Summary of 5 types of IO models under Linux

Overview

In contact with network programming, we often deal with various IO-related concepts: synchronous (synchronous), asynchronous (asynchronous), blocking (blocking), and non-blocking (non-blocking). On the difference of concept see a friend (link) in the know-how to play a comparative image of the metaphor:

You call the bookstore boss there is no "distributed System" this book, if it is a synchronous communication mechanism, the bookstore owner will say, you wait, "I check", and then start to check Ah, and so check (maybe 5 seconds, may be a day) to tell you the results (return results).
and the asynchronous communication mechanism, the bookstore owner directly told you I check Ah, check the phone to you, and then directly hung up (do not return the results). And then check it out and he'll call you on his own initiative. Here the boss calls back by "callback" this way.

You call to ask the bookstore owner whether there is a "distributed System" book, if you are blocking calls, you will always "hang" until the book has no results.
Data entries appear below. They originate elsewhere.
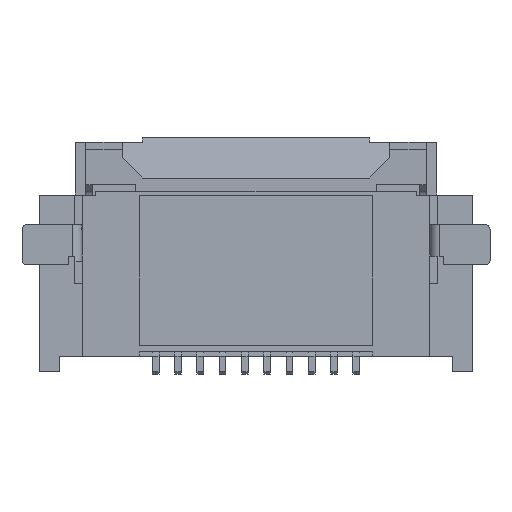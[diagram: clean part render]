
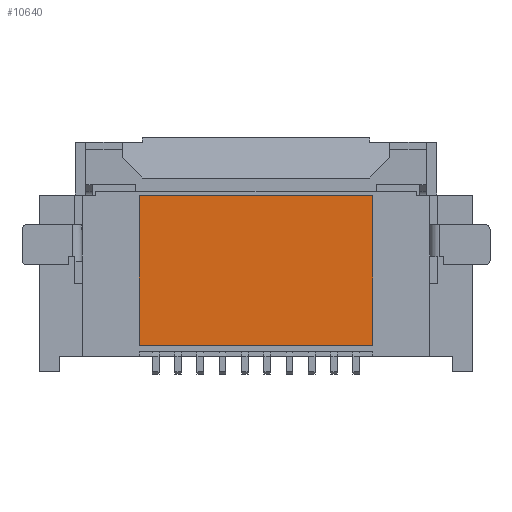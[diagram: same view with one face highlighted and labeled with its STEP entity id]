
A CAD part, front view. The second image highlights one B-rep face of the part: STEP entity #10640.
In plain terms, the highlighted planar face has unit normal (0, -1, 0).
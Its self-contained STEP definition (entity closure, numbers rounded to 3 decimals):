
#245=DIRECTION('',(0.,0.,-1.));
#246=VECTOR('',#245,3.35);
#247=CARTESIAN_POINT('',(-2.615,0.,2.7));
#248=LINE('',#247,#246);
#249=DIRECTION('',(1.,0.,0.));
#250=VECTOR('',#249,5.23);
#251=CARTESIAN_POINT('',(-2.615,0.,2.7));
#252=LINE('',#251,#250);
#253=DIRECTION('',(0.,0.,-1.));
#254=VECTOR('',#253,3.35);
#255=CARTESIAN_POINT('',(2.615,0.,2.7));
#256=LINE('',#255,#254);
#305=DIRECTION('',(1.,0.,0.));
#306=VECTOR('',#305,5.23);
#307=CARTESIAN_POINT('',(-2.615,0.,-0.65));
#308=LINE('',#307,#306);
#8004=CARTESIAN_POINT('',(-2.615,0.,2.7));
#8005=CARTESIAN_POINT('',(-2.615,0.,-0.65));
#8006=VERTEX_POINT('',#8004);
#8007=VERTEX_POINT('',#8005);
#8008=CARTESIAN_POINT('',(2.615,0.,2.7));
#8009=CARTESIAN_POINT('',(2.615,0.,-0.65));
#8010=VERTEX_POINT('',#8008);
#8011=VERTEX_POINT('',#8009);
#10627=CARTESIAN_POINT('',(-4.85,0.,2.7));
#10628=DIRECTION('',(0.,-1.,0.));
#10629=DIRECTION('',(0.,0.,-1.));
#10630=AXIS2_PLACEMENT_3D('',#10627,#10628,#10629);
#10631=PLANE('',#10630);
#10632=ORIENTED_EDGE('',*,*,#10617,.F.);
#10633=ORIENTED_EDGE('',*,*,#10543,.T.);
#10635=ORIENTED_EDGE('',*,*,#10634,.T.);
#10637=ORIENTED_EDGE('',*,*,#10636,.F.);
#10638=EDGE_LOOP('',(#10632,#10633,#10635,#10637));
#10639=FACE_OUTER_BOUND('',#10638,.F.);
#10640=ADVANCED_FACE('',(#10639),#10631,.T.);
#10543=EDGE_CURVE('',#8006,#8010,#252,.T.);
#10617=EDGE_CURVE('',#8006,#8007,#248,.T.);
#10634=EDGE_CURVE('',#8010,#8011,#256,.T.);
#10636=EDGE_CURVE('',#8007,#8011,#308,.T.);
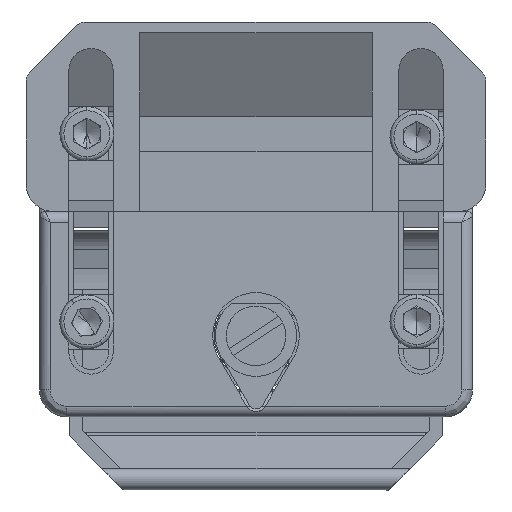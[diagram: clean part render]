
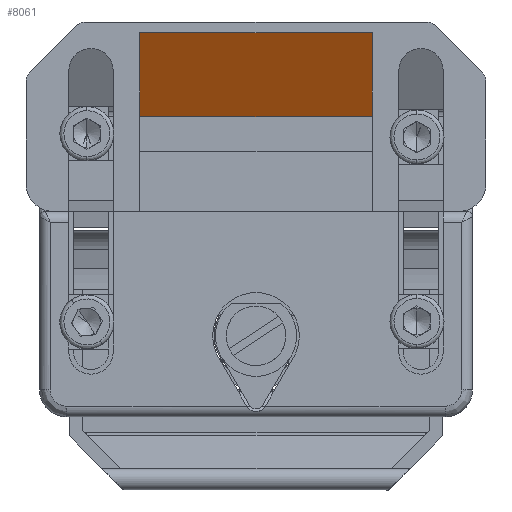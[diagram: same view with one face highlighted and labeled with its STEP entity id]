
A CAD part, front view. The second image highlights one B-rep face of the part: STEP entity #8061.
In plain terms, the highlighted planar face has unit normal (0, -0.866, -0.5).
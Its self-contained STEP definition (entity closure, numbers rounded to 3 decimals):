
#600 = DIRECTION ( 'NONE',  ( 0., 0.5, -0.866 ) ) ;
#1532 = DIRECTION ( 'NONE',  ( -1., 0., 0. ) ) ;
#3060 = DIRECTION ( 'NONE',  ( -1., 0., 0. ) ) ;
#3227 = VECTOR ( 'NONE', #4355, 1000. ) ;
#3271 = CARTESIAN_POINT ( 'NONE',  ( 10.592, -29.173, 56.134 ) ) ;
#4275 = ORIENTED_EDGE ( 'NONE', *, *, #16248, .T. ) ;
#4355 = DIRECTION ( 'NONE',  ( 0., 0.5, -0.866 ) ) ;
#4543 = CARTESIAN_POINT ( 'NONE',  ( 10.592, -29.173, 56.134 ) ) ;
#4578 = DIRECTION ( 'NONE',  ( 0., 0.866, 0.5 ) ) ;
#4605 = CARTESIAN_POINT ( 'NONE',  ( -32.408, -29.173, 56.134 ) ) ;
#5843 = LINE ( 'NONE', #4543, #3227 ) ;
#6205 = CARTESIAN_POINT ( 'NONE',  ( 10.592, -20.204, 40.598 ) ) ;
#6587 = CARTESIAN_POINT ( 'NONE',  ( 10.592, -29.173, 56.134 ) ) ;
#6950 = ORIENTED_EDGE ( 'NONE', *, *, #15709, .T. ) ;
#7842 = VECTOR ( 'NONE', #1532, 1000. ) ;
#8061 = ADVANCED_FACE ( 'NONE', ( #14739 ), #11853, .F. ) ;
#8571 = ORIENTED_EDGE ( 'NONE', *, *, #18191, .F. ) ;
#8752 = LINE ( 'NONE', #14345, #11563 ) ;
#8796 = VERTEX_POINT ( 'NONE', #14506 ) ;
#9484 = CARTESIAN_POINT ( 'NONE',  ( -32.408, -20.204, 40.598 ) ) ;
#9823 = VERTEX_POINT ( 'NONE', #9484 ) ;
#10090 = EDGE_CURVE ( 'NONE', #8796, #9823, #10222, .T. ) ;
#10222 = LINE ( 'NONE', #6205, #7842 ) ;
#10596 = LINE ( 'NONE', #17568, #14202 ) ;
#10610 = ORIENTED_EDGE ( 'NONE', *, *, #10090, .F. ) ;
#11415 = AXIS2_PLACEMENT_3D ( 'NONE', #3271, #4578, #15961 ) ;
#11563 = VECTOR ( 'NONE', #3060, 1000. ) ;
#11853 = PLANE ( 'NONE',  #11415 ) ;
#11920 = VERTEX_POINT ( 'NONE', #6587 ) ;
#14202 = VECTOR ( 'NONE', #600, 1000. ) ;
#14345 = CARTESIAN_POINT ( 'NONE',  ( 10.592, -29.173, 56.134 ) ) ;
#14506 = CARTESIAN_POINT ( 'NONE',  ( 10.592, -20.204, 40.598 ) ) ;
#14739 = FACE_OUTER_BOUND ( 'NONE', #16329, .T. ) ;
#15709 = EDGE_CURVE ( 'NONE', #11920, #16628, #8752, .T. ) ;
#15961 = DIRECTION ( 'NONE',  ( 0., -0.5, 0.866 ) ) ;
#16248 = EDGE_CURVE ( 'NONE', #16628, #9823, #10596, .T. ) ;
#16329 = EDGE_LOOP ( 'NONE', ( #10610, #8571, #6950, #4275 ) ) ;
#16628 = VERTEX_POINT ( 'NONE', #4605 ) ;
#17568 = CARTESIAN_POINT ( 'NONE',  ( -32.408, -29.173, 56.134 ) ) ;
#18191 = EDGE_CURVE ( 'NONE', #11920, #8796, #5843, .T. ) ;

If the call is non-blocking, you don't care if the boss tells you that you're going to play on your own, and of course you have to check in a few minutes occasionally to see if the boss has returned the results.

Here the blocking is independent of the non-blocking and whether synchronous asynchronous. It has nothing to do with how the boss responds to your results.

The main difference between synchronous and asynchronous is that it will not cause the request process (or thread) to block . Synchronization causes the request process (or thread) to block and not asynchronously.

There are five common IO models under Linux, of which there is only one asynchronous model and the rest are synchronous models.

Blocking IO Model

The blocking IO model is the most common IO model, and the default mode for all "slow devices" (sockets, Pipes, FIFO, terminal) IO is blocked. Blocking is the process that discards the CPU and gives it to other processes to use the CPU. The most noticeable manifestation of process blocking is "process sleep." The time to block usually depends on whether the data arrives.

Non-blocking IO model

Non-blocking IO is the setting of IO-related system calls to non-blocaking, and subsequent IO operations are returned immediately with or without available data, and set errno to Ewouldblock or Eagain. We can make sure that the IO is in effect with the active check (polling, polling) and the associated IO operation. Of course, this approach seems to be less reliable, wasting too much CPU time, polling with precious CPU time is too some numbers. Icon:

Multiplexed IO Model

Multiplexing is the system call that allows blocking to occur on our multiplexed IO operation, rather than the one we really go to execute io. The advantage of using this approach is that you can monitor multiple file descriptors for IO at the same time. Detailed use of the way before wrote a blog has mentioned: http://www.cnblogs.com/ittinybird/p/4574397.html

Signal Driven IO Model

The so-called signal-driven, is to use the signal mechanism, the installation of Signal Sigio processing function (for IO-related operations), through the monitoring file descriptor, when it is ready, notify the target process for IO operation (signal handler). How to use this blog also has a description: http://www.cnblogs.com/ittinybird/p/4574397.html

Asynchronous IO Model

The asynchronous IO on Linux has a set of POSIX-defined interfaces that have several syscall at the beginning of the AIO. As follows:

int aio_read (struct AIOCB *aiocbp); int aio_write (struct aiocb *aiocbp);

ssize_t Aio_return (struct AIOCB *aiocbp);

                                  Remember Link WITH-LRT when you use it.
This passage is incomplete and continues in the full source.